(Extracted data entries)
__________
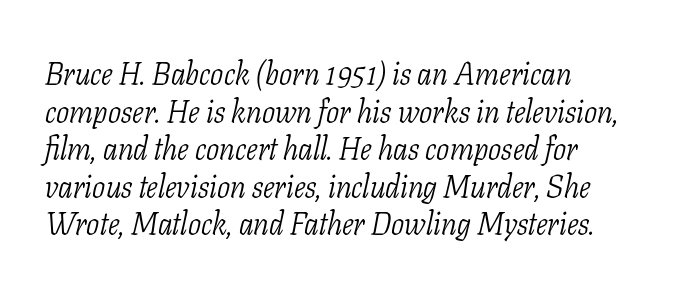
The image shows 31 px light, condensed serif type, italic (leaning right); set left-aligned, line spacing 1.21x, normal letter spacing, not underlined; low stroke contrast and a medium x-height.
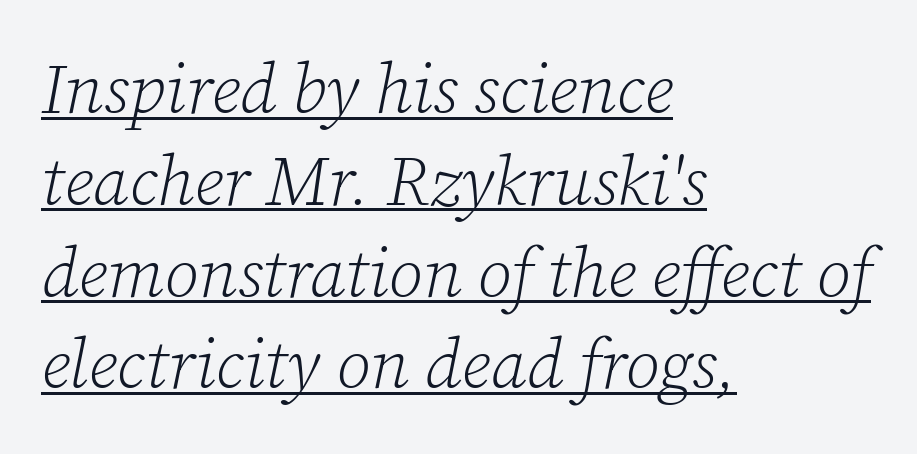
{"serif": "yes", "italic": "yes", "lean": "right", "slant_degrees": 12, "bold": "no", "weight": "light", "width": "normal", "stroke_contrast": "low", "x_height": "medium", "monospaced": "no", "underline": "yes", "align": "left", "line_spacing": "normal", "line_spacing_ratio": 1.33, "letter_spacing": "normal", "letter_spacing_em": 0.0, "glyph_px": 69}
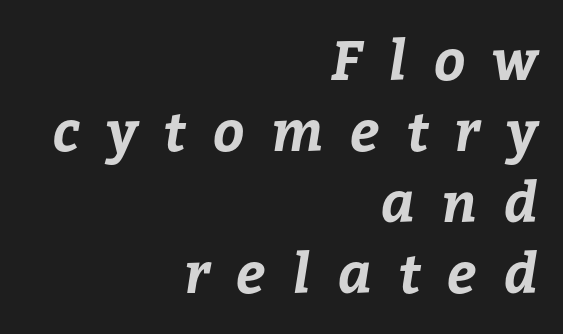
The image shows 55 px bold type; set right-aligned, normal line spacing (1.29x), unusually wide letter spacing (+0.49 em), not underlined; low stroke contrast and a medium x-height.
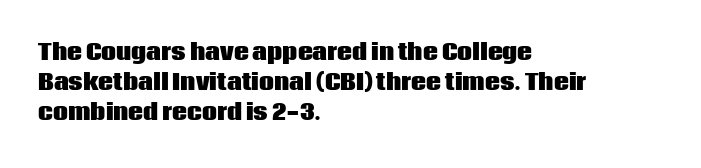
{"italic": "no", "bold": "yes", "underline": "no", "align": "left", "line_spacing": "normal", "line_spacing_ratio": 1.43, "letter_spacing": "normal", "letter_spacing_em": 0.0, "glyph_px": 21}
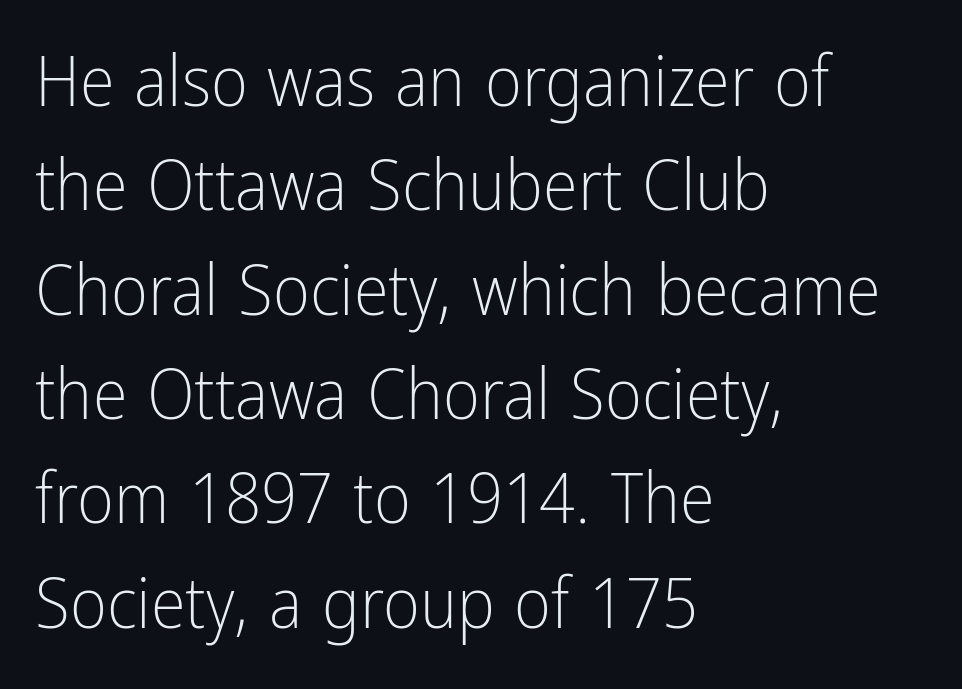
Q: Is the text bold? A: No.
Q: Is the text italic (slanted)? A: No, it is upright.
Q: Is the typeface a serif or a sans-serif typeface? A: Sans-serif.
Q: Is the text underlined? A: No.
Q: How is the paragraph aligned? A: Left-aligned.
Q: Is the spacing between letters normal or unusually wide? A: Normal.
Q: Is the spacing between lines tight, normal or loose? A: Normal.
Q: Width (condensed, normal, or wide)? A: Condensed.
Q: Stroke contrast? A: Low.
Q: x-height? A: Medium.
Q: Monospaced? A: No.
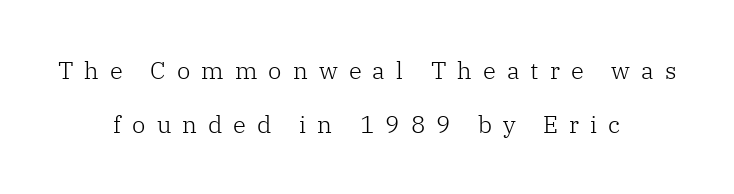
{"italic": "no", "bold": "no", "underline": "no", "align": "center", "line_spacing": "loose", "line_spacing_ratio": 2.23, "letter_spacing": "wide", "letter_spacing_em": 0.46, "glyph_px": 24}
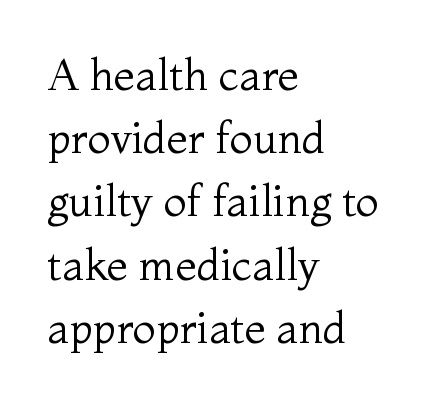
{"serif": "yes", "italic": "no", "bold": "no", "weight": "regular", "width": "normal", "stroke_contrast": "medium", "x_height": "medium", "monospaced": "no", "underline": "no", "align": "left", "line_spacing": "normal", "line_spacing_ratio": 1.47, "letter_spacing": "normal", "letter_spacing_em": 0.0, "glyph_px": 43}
__________
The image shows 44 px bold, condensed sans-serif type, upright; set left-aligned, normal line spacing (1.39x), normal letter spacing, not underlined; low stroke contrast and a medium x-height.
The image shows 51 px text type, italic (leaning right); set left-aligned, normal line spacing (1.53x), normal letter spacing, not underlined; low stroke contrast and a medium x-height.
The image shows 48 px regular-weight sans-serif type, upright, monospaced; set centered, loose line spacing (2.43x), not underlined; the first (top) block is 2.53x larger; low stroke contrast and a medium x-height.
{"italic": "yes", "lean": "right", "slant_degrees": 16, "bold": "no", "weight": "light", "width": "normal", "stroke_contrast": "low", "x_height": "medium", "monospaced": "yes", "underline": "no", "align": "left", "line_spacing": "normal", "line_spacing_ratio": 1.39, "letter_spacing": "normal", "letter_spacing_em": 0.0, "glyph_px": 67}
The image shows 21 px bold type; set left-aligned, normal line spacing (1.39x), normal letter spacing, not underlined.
__________
• **Task**: Above are the entries. Output exactly the lines beginning with the line that has "Q: Is the spacing between letters" and ending with the line that has "Q: Monospaced? A: No.".

• **Exercise solution**:
Q: Is the spacing between letters normal or unusually wide? A: Normal.
Q: Is the spacing between lines tight, normal or loose? A: Normal.
Q: Width (condensed, normal, or wide)? A: Condensed.
Q: Stroke contrast? A: Low.
Q: x-height? A: Medium.
Q: Monospaced? A: No.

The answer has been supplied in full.